The first thing I did was to put the engine on the engine stand and install a flywheel and put my cut up bell housing and starter motor on so I could spin the engine and test the oil pressure. The oil pressure was at the low end of the normal range 45pds with 10/30. The next test was the compression test and it was 125 on all cylinders a – little low but still ok. Next step was to look at the rockers and check to see if the customer had preloaded the valves. Some valves had lost clearance while others still had approximately .006ths. I was very surprised to see that some lifters were still soft and air bound because the customer had not reported any lifter noise.

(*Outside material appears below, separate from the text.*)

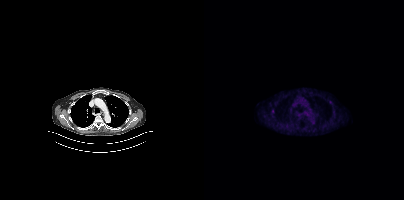
modality: PSMA PET/CT | tracer: 18F-PSMA | view: axial | PET grid: 200×200
Coordinates are on the 200×200 PET (right) panel. Small PSMA-avid focus (2 to 4 px across) near (center x, center y): (69, 111).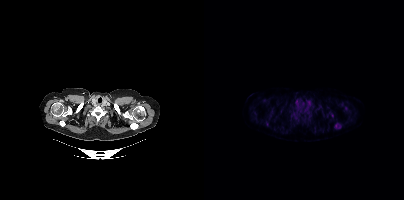
{"modality":"PSMA PET/CT","view":"axial","tracer":"[18F]PSMA-1007","pet_grid":[200,200],"coord_frame":"pet_panel","coord_format":"x0,y0,x1,y1","partial":true,"lesion_bboxes":[[130,123,137,129],[104,113,107,117]],"small_foci_centers":[[89,114],[63,124],[142,108]]}

When the engine was disassembled I inspected and measured everything. The inspection revealed that the only damage or problem was that the customer had scuffed all four pistons on the load side (the load side of the piston is the side that is pressed against the cylinder wall as it’s pushed down on the power stroke).

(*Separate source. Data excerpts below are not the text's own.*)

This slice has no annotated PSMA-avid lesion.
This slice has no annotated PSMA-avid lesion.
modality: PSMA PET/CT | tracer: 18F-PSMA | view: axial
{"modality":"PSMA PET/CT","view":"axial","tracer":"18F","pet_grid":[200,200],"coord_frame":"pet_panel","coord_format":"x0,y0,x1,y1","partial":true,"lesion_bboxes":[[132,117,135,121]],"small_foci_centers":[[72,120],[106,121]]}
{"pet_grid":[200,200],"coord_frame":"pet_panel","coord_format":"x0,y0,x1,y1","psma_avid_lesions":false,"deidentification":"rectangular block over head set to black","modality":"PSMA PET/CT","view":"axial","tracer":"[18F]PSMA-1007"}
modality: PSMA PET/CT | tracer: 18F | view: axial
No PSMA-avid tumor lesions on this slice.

I was a little disappointed not to have found more of a problem that would explain the oil light coming on (even though the customer had pushed the engine too fast when it was new). The customer had agreed to buy new pistons and cylinders. I thought that was the end of it with no great discoveries until my engine assembler, John Silva, pulled the lifters apart for inspection. John over filled one of the lifters and could not get the lower piston back down into place and instead of pulling the piston out and removing the oil he tried moving the check ball to one side with a scribe and pushed the piston down with a small screw driver. It dropped down enough to allow him to install the upper lifter socket and clip. The next step is what’s missing from the Bentley procedure. John took the same scribe that was used to release the check ball and installed it in the oiling hole on the side of the lifter body. This held the lower piston down so that he could install the upper socket and retaining clip. Once the clip was in place he tested the lifter by pushing the upper socket. The lifter was hard as a rock indicating that there was no air in the lifter. No other methods that I have tried had these results. This looked promising but I remained skeptical. I asked John to finish bleeding the rest of the lifters in the same way and adjust the rockers to the usual .006″ lash. We would test the compression as usual after the engine was completely assembled. The first compression test showed that we had 135 lbs on all cylinders. Next we preloaded the valves ½ turn and immediately repeated the compression test: some of the valves had not closed so we waited ten minutes and repeated the test. The compression was slightly lower: 125 lbs on all cylinders. Because it was lower we then tested each intake and exhaust port with a vacuum tester to see if the valves were closed and found that all the valves were sealed 100 percent. We next removed the valve cover and checked each lifter by prying on the rocker and looking for movement: all the lifters were still hard as a rock. The next morning we checked for soft lifters and found that the # 2 exhaust valve lifter was soft. We spun the engine again for about one minute using the starter motor and then checked the #2 lifter: it had regained most of its rigidity.

My conclusions

    Lifters can be pre-bled and preloaded at ¼ to ½ turn at the time the engine is being assembled provided that the above-mentioned procedure is followed. However, assembled engines always have at least one or more lifters on the lobe of the camshaft holding them open. Open valves have their springs compressed thereby increasing pressure on their lifters. The increased pressure will cause the lifters to lose oil over time. This can be days or weeks, depending on how clean the oil and the lifter’s check valves are. These engines may not have enough oil available to the expanding lifters when the engine is first turned over during the start up procedure. If the oil galley is empty, the lifter can take in air instead of oil and becomes air-bound. An air-bound lifter may expand as the engine heats up, and thereby prevent a valve from closing. To prevent this, some shops use a pre-oiler. Oil is pressure-fed into the oil galleys before the engine is first started.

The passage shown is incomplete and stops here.